§ EXERCISE PROMPT
From the line containing "པ་དང་། རྟོགས་དཀའ་བའི་དགོས་པ་རྒྱས་པར་བཤད་པ་གཉིས། དང་པོ་ནི།" through the last line below, copy every line exactly, leaving out the pictures.

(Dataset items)
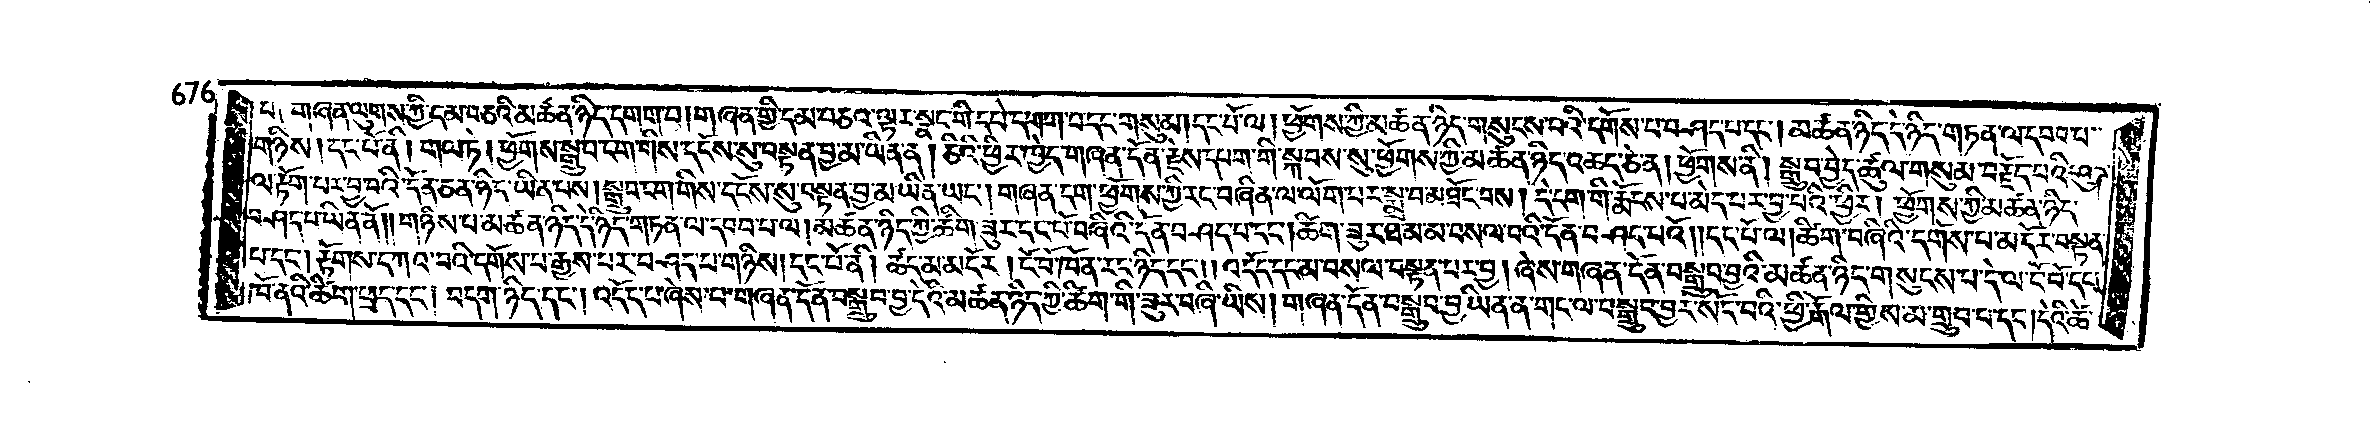བ། གཞན་ལུགས་ཀྱི་དམ་བཅའི་མཚན་ཉིད་དགག་པ། གཞན་གྱི་དམ་བཅའ་ལྟར་སྣང་གི་དཔེ་དགག་པ་དང་གསུམ། དང་པོ་ལ། ཕྱོགས་ཀྱི་མཚན་ཉིད་གསུངས་པའི་དགོས་པ་བཤད་པ་དང་། མཚན་ཉིད་དེ་ཉིད་གཏན་ལ་དབབ་པ་
གཉིས། དང་པོ་ནི། གལ་ཏེ། ཕྱོགས་སྒྲུབ་ངག་གིས་དངོས་སུ་བསྟན་བྱ་མ་ཡིན་ན། ཅིའི་ཕྱིར་ཁྱེད་གཞན་དོན་རྗེས་དཔག་གི་སྐབས་སུ་ཕྱོགས་ཀྱི་མཚན་ཉིད་འཆད་ཅེ་ན། ཕྱོགས་ནི། སྒྲུབ་བྱེད་ཚུལ་གསུམ་བརྗོད་པའི་ཤུགས་
ལ་རྟོག་པར་བྱ་བའི་དོན་ཅན་ཉིད་ཡིན་པས། སྒྲུབ་ངག་གིས་དངོས་སུ་བསྟན་བྱ་མ་ཡིན་ཡང་། གཞན་དག་ཕྱོགས་ཀྱི་རང་བཞིན་ལ་ལོག་པར་སྨྲ་བ་མཐོང་བས། དེ་དག་གི་རྨོངས་པ་མེད་པར་བྱ་བའི་ཕྱིར། ཕྱོགས་ཀྱི་མཚན་ཉིད་
བཤད་པ་ཡིན་ནོ། །གཉིས་པ་མཚན་ཉིད་དེ་ཉིད་གཏན་ལ་དབབ་པ་ལ། མཚན་ཉིད་ཀྱི་ཚིག་ཟུར་དང་པོ་བཞིའི་དོན་བཤད་པ་དང་། ཚིག་ཟུར་ཐ་མ་མ་བསལ་བའི་དོན་བཤད་པའོ། །དང་པོ་ལ། ཚིག་བཞིའི་དགོས་པ་མདོར་བསྟན་
པ་དང་། རྟོགས་དཀའ་བའི་དགོས་པ་རྒྱས་པར་བཤད་པ་གཉིས། དང་པོ་ནི། ཚད་མ་མདོར། ངོ་བོ་ཁོ་ན་རང་ཉིད་དང་། །འདོད་དང་མ་བསལ་བསྟན་པར་བྱ། ཞེས་གཞན་དོན་བསྒྲུབ་བྱའི་མཚན་ཉིད་གསུངས་པ་དེ་ལ་ངོ་བོ་དང་།
ཁོ་ནའི་ཚིག་ཕྲད་དང་། བདག་ཉིད་དང་། འདོད་པ་ཞེས་པ་གཞན་དོན་བསྒྲུབ་བྱ་དེའི་མཚན་ཉིད་ཀྱི་ཚིག་གི་ཟུར་བཞི་ཡིས། གཞན་དོན་བསྒྲུབ་བྱ་ཡིན་ན་གང་ལ་བསྒྲུབ་བྱར་སོང་བའི་ཕྱི་རྒོལ་གྱིས་མ་གྲུབ་པ་དང་། དེའི་ཚེ་
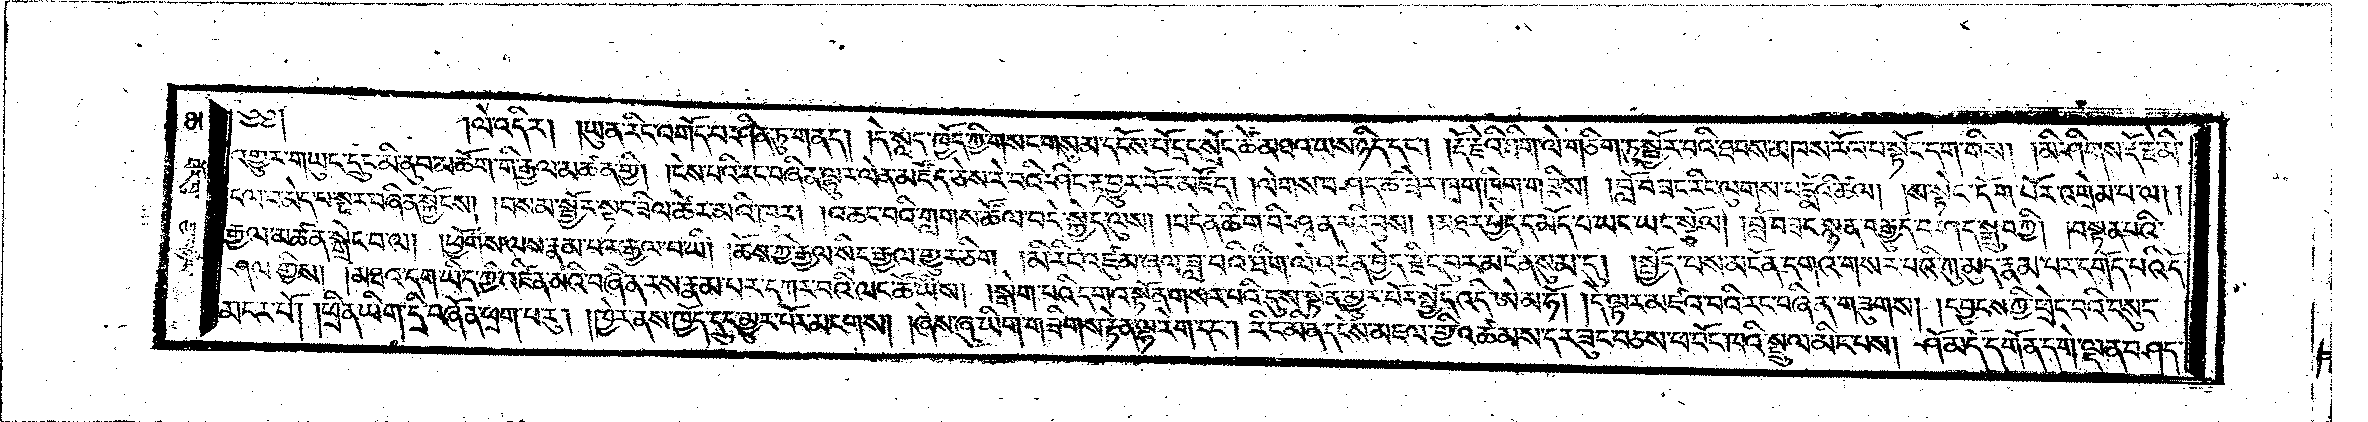༄༅། །ལེ་འདིར། །ཡུན་རིང་འགོད་པ་ཤིན་ཏུ་གནད། །དེ་སླད་ཁྱོད་ཀྱི་གསང་གསུམ་དངོས་པོ་དྲང་སྲོང་ཚེ་མཐའ་ཡས་ཉིད་དང་། །རྡོ་རྗེའི་ཐིག་ལེ་གཅིག་ཏུ་སྦྱོར་བའི་ཐབས་མཁས་རོལ་པ་སྟོང་དག་གིས། །མི་ཤིགས་རྡོ་རྗེ་མི་
འགྱུར་གཡུང་དྲུང་མི་ནུབ་མཆོག་གི་རྒྱལ་མཚན་གྱི། །ངེས་པའི་རང་བཞིན་ལྷུར་ལེན་མཛོད་ཅེས་རེ་བའི་ཤིང་རྟ་བྱུར་བོར་མཛོད། །ལེགས་བཤད་ཚ་ཟེར་ཁྲག་ཁྲིག་གཟིས། །བློ་བཟང་རིང་ལུགས་པདམོའི་ཚིལ། །ས་སྟེང་དོག་པོར་འགྲེམ་པ་ལ། །
བལ་བ་མེད་པ་སྔར་བཞིན་སྐྱོངས། །བསམ་སྦྱོར་སྟང་ཟིལ་ཚེར་མའི་ཁུར། །འཆང་བའི་གླགས་ཚོལ་བདེ་སྐྱེད་ལུས། །བདེན་ཚིག་བི་ཤྭ་ན་རའི་བུས། །མཐར་བྱེད་དམོད་པ་ཡང་ཡང་སྩོལ། །བློ་བཟང་སྙན་བརྒྱུད་བགད་སྒྲུབ་ཀྱི། །བསྟན་པའི་
རྒྱལ་མཚན་སྒྲེང་བ་ལ། །ཕྱོགས་ལས་རྣམ་པར་རྒྱལ་བ་ཡི། །ཆོས་ཀྱི་རྒྱལ་སྲིད་རྒྱལ་གྱུར་ཅིག །མི་རིང་འཛུམ་ཞལ་ཟླ་བའི་ཐིག་ལེ་འདྲེན་བྱེད་རྫིང་བུར་མངོན་སུམ་དུ། །སྤྱོད་པས་མངོན་དགའ་གསར་པའི་ཀུ་མུད་རྣམ་པར་དགོད་པའི་དོ་
ཤལ་གྱིས། །མཐའ་དག་ཡིད་ཀྱི་འཛིན་མའི་བཞིན་རས་རྣམ་པར་དཀར་བའི་ལང་ཚོ་ཡིས། །སྒེག་པའི་དགའ་སྟོན་གསར་པའི་དུས་སྟོན་མྱུར་པོར་སྤྱོད་འདི་ཨེ་མ་ཧོ། །དེ་ལྟར་མཛའ་བའི་རང་བཞིན་གཟུགས། །དབྱངས་ཀྱི་ཕྲེང་བའི་བསུང་
མངར་པོ། །ཕྲིན་ཡིག་དྲི་བཞོན་ཕྲག་པ་རུ། །ཁྱེར་ནས་ཁྱོད་དྲུང་མྱུར་པོར་མངགས། །ཞེས་ཞུ་ཡིག་གཟིགས་རྟེན་ལྷ་རེག་དང་། །རིང་མིན་དངོས་མཇལ་གྱི་འཚམས་དར་ཟུང་བཅས་ཕ་བོང་ཁའི་སྤྲུལ་མིང་པས། ཤོ་མདོ་དགོན་དགེ་ལྡན་བཤད་

§ ANSWER SPACE
པ་དང་། རྟོགས་དཀའ་བའི་དགོས་པ་རྒྱས་པར་བཤད་པ་གཉིས། དང་པོ་ནི། ཚད་མ་མདོར། ངོ་བོ་ཁོ་ན་རང་ཉིད་དང་། །འདོད་དང་མ་བསལ་བསྟན་པར་བྱ། ཞེས་གཞན་དོན་བསྒྲུབ་བྱའི་མཚན་ཉིད་གསུངས་པ་དེ་ལ་ངོ་བོ་དང་།
ཁོ་ནའི་ཚིག་ཕྲད་དང་། བདག་ཉིད་དང་། འདོད་པ་ཞེས་པ་གཞན་དོན་བསྒྲུབ་བྱ་དེའི་མཚན་ཉིད་ཀྱི་ཚིག་གི་ཟུར་བཞི་ཡིས། གཞན་དོན་བསྒྲུབ་བྱ་ཡིན་ན་གང་ལ་བསྒྲུབ་བྱར་སོང་བའི་ཕྱི་རྒོལ་གྱིས་མ་གྲུབ་པ་དང་། དེའི་ཚེ་
༄༅། །ལེ་འདིར། །ཡུན་རིང་འགོད་པ་ཤིན་ཏུ་གནད། །དེ་སླད་ཁྱོད་ཀྱི་གསང་གསུམ་དངོས་པོ་དྲང་སྲོང་ཚེ་མཐའ་ཡས་ཉིད་དང་། །རྡོ་རྗེའི་ཐིག་ལེ་གཅིག་ཏུ་སྦྱོར་བའི་ཐབས་མཁས་རོལ་པ་སྟོང་དག་གིས། །མི་ཤིགས་རྡོ་རྗེ་མི་
འགྱུར་གཡུང་དྲུང་མི་ནུབ་མཆོག་གི་རྒྱལ་མཚན་གྱི། །ངེས་པའི་རང་བཞིན་ལྷུར་ལེན་མཛོད་ཅེས་རེ་བའི་ཤིང་རྟ་བྱུར་བོར་མཛོད། །ལེགས་བཤད་ཚ་ཟེར་ཁྲག་ཁྲིག་གཟིས། །བློ་བཟང་རིང་ལུགས་པདམོའི་ཚིལ། །ས་སྟེང་དོག་པོར་འགྲེམ་པ་ལ། །
བལ་བ་མེད་པ་སྔར་བཞིན་སྐྱོངས། །བསམ་སྦྱོར་སྟང་ཟིལ་ཚེར་མའི་ཁུར། །འཆང་བའི་གླགས་ཚོལ་བདེ་སྐྱེད་ལུས། །བདེན་ཚིག་བི་ཤྭ་ན་རའི་བུས། །མཐར་བྱེད་དམོད་པ་ཡང་ཡང་སྩོལ། །བློ་བཟང་སྙན་བརྒྱུད་བགད་སྒྲུབ་ཀྱི། །བསྟན་པའི་
རྒྱལ་མཚན་སྒྲེང་བ་ལ། །ཕྱོགས་ལས་རྣམ་པར་རྒྱལ་བ་ཡི། །ཆོས་ཀྱི་རྒྱལ་སྲིད་རྒྱལ་གྱུར་ཅིག །མི་རིང་འཛུམ་ཞལ་ཟླ་བའི་ཐིག་ལེ་འདྲེན་བྱེད་རྫིང་བུར་མངོན་སུམ་དུ། །སྤྱོད་པས་མངོན་དགའ་གསར་པའི་ཀུ་མུད་རྣམ་པར་དགོད་པའི་དོ་
ཤལ་གྱིས། །མཐའ་དག་ཡིད་ཀྱི་འཛིན་མའི་བཞིན་རས་རྣམ་པར་དཀར་བའི་ལང་ཚོ་ཡིས། །སྒེག་པའི་དགའ་སྟོན་གསར་པའི་དུས་སྟོན་མྱུར་པོར་སྤྱོད་འདི་ཨེ་མ་ཧོ། །དེ་ལྟར་མཛའ་བའི་རང་བཞིན་གཟུགས། །དབྱངས་ཀྱི་ཕྲེང་བའི་བསུང་
མངར་པོ། །ཕྲིན་ཡིག་དྲི་བཞོན་ཕྲག་པ་རུ། །ཁྱེར་ནས་ཁྱོད་དྲུང་མྱུར་པོར་མངགས། །ཞེས་ཞུ་ཡིག་གཟིགས་རྟེན་ལྷ་རེག་དང་། །རིང་མིན་དངོས་མཇལ་གྱི་འཚམས་དར་ཟུང་བཅས་ཕ་བོང་ཁའི་སྤྲུལ་མིང་པས། ཤོ་མདོ་དགོན་དགེ་ལྡན་བཤད་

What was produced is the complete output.